ARDs and non-ARDs show significant different interaction patterns with aging genes in modularized networks

By examining gene-gene interactions within modularized networks, we found that the disease-aging interaction patterns are very different between ARDs and non-ARDs in some of the subnetworks. We take AD and bipolar disorder (BD) as examples, which are both neurological diseases but show very distinct ages of onset. BD often occurs before 3531 while AD often occurs after 6532. AD significantly interacts with aging (FDR < 0.05) in 563 out of 797 total mapped modularized networks with a geometric mean of FDRs of 5.55 × 10−4. On the other hand, BD genes only map to 7 subnetworks and the interaction with aging is not significant in any of the 7 subnetworks, with a geometric mean of FDRs of 0.34 (Dataset S4 and S5). There are 3 modularized networks shared by both AD and BD, namely “GO0010959_regulation of metal ion transport”, “GO0005261_cation channel activity”, and “hsa04728_Dopaminergic synapse”. We plotted the interactions between aging, AD and BD in the subnetwork of “GO0010959_regulation of metal ion transport” in Fig. 3. As shown in the figure, this subnetwork contains 5 genes associated to BD (ADCY2, CACNB2, ANK3, CACNA1C, and PIK3C2A), 6 genes associated to AD (NOS3, APP, PTK2B, PSEN1, GRIN3B, and PSEN2), and 60 aging genes. Three genes are common to AD and aging (APP, PTK2B, and PSEN1), while no genes are shared by BD and aging. There are intensive interactions between AD and aging genes (85 in total), while only 19 interactions are seen between BD and aging genes. This difference is highly significant (p-value < 0.001) based on a permutation test in which we randomized the label of disease and aging genes. This example suggests that non-ARDs can have much fewer interactions with aging genes in certain subnetworks, and such network features can help us to mechanistically understand and differentiate ARDs from non-ARDs.

Figure 3: Interactions between aging and AD/BD genes in the subnetwork of regulation of metal ion transport.
Figure 3

Significantly more interactions are seen between AD and aging genes, compared to the interactions between BD and aging genes. Red node: aging gene; yellow node: BD gene; blue node: AD gene; and purple node: aging and AD gene. A blue edge connects aging and AD genes, whereas a green edge connects aging and BD genes.

Subnetworks with strong aging-disease connections as identified by GeroNet

We evaluated the connections between aging and 149 diseases/traits over 3,051 unique functional subnetworks. Among all the 52,090 disease-subnetwork pairs being checked, 22,280 pairs (~42.8%) showed significant aging-disease association at FDR< = 0.05 (Dataset S3). This indicates that aging potentially has a very broad impact to a large number of biological sub-systems and many of them could be involved in the connections with diseases.

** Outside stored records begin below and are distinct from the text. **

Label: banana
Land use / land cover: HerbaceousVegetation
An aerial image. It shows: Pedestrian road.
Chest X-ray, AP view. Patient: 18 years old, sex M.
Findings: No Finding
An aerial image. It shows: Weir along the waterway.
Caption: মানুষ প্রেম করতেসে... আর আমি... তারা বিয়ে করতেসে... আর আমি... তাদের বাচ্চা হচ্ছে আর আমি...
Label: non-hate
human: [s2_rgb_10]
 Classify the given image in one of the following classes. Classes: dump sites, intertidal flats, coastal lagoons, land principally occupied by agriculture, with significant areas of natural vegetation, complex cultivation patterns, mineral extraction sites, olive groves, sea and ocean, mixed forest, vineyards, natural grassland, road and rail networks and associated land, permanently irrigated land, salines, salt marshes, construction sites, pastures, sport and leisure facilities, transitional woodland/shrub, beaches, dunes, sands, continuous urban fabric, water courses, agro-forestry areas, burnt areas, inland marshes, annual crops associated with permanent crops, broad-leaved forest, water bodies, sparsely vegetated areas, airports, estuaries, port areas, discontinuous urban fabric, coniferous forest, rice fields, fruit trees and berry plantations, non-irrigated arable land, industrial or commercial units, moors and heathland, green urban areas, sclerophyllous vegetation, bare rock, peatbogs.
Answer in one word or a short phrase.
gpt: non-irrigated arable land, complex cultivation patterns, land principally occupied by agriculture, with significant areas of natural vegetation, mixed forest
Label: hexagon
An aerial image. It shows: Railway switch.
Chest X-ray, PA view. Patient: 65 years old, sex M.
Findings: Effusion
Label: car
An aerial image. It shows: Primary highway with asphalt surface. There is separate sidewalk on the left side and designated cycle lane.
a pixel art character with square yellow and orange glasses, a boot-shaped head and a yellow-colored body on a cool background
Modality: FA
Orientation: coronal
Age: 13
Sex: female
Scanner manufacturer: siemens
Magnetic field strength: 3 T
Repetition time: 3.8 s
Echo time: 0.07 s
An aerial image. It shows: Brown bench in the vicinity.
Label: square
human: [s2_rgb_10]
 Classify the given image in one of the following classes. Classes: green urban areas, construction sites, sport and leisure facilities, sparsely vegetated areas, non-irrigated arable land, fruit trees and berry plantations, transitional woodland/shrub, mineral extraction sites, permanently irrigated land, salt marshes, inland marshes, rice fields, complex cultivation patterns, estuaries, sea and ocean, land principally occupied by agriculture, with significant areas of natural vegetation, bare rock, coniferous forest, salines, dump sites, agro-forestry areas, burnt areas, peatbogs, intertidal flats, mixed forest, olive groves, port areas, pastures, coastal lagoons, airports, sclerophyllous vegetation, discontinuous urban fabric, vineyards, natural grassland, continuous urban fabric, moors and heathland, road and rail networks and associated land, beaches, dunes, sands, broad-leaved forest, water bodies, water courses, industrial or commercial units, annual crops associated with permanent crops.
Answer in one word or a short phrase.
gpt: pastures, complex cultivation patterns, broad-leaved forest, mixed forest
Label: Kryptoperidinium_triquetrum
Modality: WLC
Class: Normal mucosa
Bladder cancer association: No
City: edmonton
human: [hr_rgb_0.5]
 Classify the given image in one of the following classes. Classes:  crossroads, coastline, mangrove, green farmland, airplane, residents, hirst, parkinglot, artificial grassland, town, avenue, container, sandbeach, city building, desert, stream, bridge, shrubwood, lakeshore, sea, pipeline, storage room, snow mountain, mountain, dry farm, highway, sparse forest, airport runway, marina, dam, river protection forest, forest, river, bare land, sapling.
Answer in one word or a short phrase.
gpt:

To obtain a high level overview of the connections between aging and ARDs, we ask two questions: (1) for each disease, how many subnetworks are potentially involved in connecting with aging? and (2) are some subnetworks more frequently involved in mediating the connection between aging and diseases compared to others? We considered all the 22,280 significant subnetwork connections between aging and diseases. Out of the 149 diseases (43 ARDs and 106 non-ARDs as annotated based on literature), 106 diseases showed significant connection with aging in at least one eMN. Among these 106 diseases, 42 are ARDs and 64 are non-ARDs. This indicates that 98% of the ARDs have at least one subnetwork connection between aging and disease genes, while this fraction is only 60% for non-ARDs. This again supports that ARDs have more subnetwork connections with aging compared to non-ARDs in general, and these subnetwork connections identified by GeroNet are informative for differentiating ARDs vs. non-ARDs. We plotted the number of significant eMNs related to 42 ARDs in Fig. 4a. ARDs having extensive connections with aging in multiple subnetworks include many cancers (e.g., breast cancer, prostate cancer, and melanoma) and some non-cancer disease/traits (e.g., cholesterol, rheumatoid arthritis, T2D, obesity, and hypertension). On the other end of the spectrum, some ARDs are linked to aging through a relatively smaller number of pathways, such as heart rate and COPD. This result suggests that among ARDs, the connections with aging are potentially mediated by very different numbers of subnetworks.

Figure 4: Connections between aging and ARDs in the top 40 common eMNs.
Figure 4

(a) ARDs and their numbers of significant eMNS. (b) The top 40 most frequent eMNs and their frequencies in ARDs. (c) Association between the top 40 eMNs and ARDs.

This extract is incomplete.